Quoi de mieux pour se refaire une santé que d'organiser un remake d'un film culte mais très méconnu. C'est l'idée de Nicolas Cage, producteur et acteur principal de l'adaptation de Wicker Man. Il engage alors Neil LaBute, cinéaste reconnu mais qui n'a pas convaincu grand monde lors de son passage dans le genre fantastique avec Possession. Pourtant, ce tandem de choc s'associe pour créer le pire four de la carrière de Cage. La faute en revient dans un premier temps au réalisateur. LaBute est ici dans l'incapacité artistique de nous faire trembler ou de créer un lien entre le personnage principal et le spectateur. Quant les troubles psychologiques du personnage ne sont pas pompeusement mises en scène par de lourds effets (l'affreux délire sur le bateau annonce clairement la couleur du film ainsi que de la qualité de celui ci), c'est le descriptif du village et de l'ile qui s'emberlificote dans les poncifs d'un Twin Peaks du pauvre (des habitants cinglés avec des gueules horriblement surligné par un cadrage à la Jean-Marie Poiré, un village perdu dans une forêt). Le suspens ne décolle jamais et l'enquête, lourdement mené par Cage, enfile les évènements tous sauf passionnants (un corbeau qui surgit d'un pupitre, un rondin de bois prêt à écraser l'inspecteur).

Mais cela est encore pire quand le réalisateur insiste bec et ongle pour faire de ce film un sosie raté de la série de David Lynch. Du coup, les scènes étranges deviennent encore plus bizarre, poussant un peu plus l'hilarité du spectateur, qui à réussit à rester cloué sur son siège, par d'étrange coutumes locales mise en scène avec un souci constant de dérision involontaire (un défilé tout sauf inquiétant) . Et les scènes de combat sont guère plus emballant.
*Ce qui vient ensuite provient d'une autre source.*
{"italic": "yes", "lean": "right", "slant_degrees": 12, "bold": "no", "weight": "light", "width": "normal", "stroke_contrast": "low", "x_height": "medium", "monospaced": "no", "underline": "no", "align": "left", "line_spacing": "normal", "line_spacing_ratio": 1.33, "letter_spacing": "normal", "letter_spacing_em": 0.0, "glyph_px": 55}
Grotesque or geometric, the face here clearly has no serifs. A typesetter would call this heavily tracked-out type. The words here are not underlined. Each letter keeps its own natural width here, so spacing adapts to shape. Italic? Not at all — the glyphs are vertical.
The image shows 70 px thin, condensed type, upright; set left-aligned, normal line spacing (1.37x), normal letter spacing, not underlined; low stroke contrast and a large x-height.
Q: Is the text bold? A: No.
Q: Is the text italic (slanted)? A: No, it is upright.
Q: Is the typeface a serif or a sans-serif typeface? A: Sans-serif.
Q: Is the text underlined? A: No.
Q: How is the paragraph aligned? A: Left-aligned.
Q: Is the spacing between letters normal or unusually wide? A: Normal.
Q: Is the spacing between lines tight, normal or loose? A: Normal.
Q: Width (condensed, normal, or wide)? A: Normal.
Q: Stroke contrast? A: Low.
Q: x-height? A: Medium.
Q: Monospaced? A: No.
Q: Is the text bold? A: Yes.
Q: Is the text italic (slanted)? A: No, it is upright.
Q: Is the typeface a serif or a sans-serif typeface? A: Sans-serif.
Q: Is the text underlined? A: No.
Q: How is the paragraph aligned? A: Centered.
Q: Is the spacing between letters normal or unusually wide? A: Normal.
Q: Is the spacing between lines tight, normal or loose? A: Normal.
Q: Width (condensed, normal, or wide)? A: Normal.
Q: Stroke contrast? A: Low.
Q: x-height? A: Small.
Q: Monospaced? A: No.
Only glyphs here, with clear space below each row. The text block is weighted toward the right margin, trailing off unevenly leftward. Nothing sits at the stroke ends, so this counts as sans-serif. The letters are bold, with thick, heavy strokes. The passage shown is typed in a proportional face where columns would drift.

Pour preuve, le combat de taikwondo entre Nicolas Cage et Leelee Sobieski (qui ne rate décidément pas une occasion pour se ridiculiser sur la scène internationale) est d'un burlesque à se pisser dessus. Car si le film est aussi drôle, c'est grâce aux acteurs qui semblent pédaler dans le couscous durant tout le film. Le jeu pachidermique et surligné de Cage est accompagné par la transparence de Kate Beahane et le cabotinage de Ellen Burstyn, qui s'est barbouillé de peinture pour l'occasion. Enfin, dans l'optique de pousser un peu plus la comparaison avec Twin Peaks, le réalisateur à engagé l'inénarrable Angelo Badalamenti pour le son. Sauf que le compositeur attitré de Lynch n'est pas plus inspiré par le projet que le metteur en scène, composant une musique lourde et trop appuyé.

The Wicker Man est donc nul, mais réussit le pari de faire rire malgré lui. Mais, outre le fait de prouver que Cage peut être un très mauvais acteur, le film montre que l'on n'est pas David Lynch quand on est dans l'incapacité de s'approprier son univers.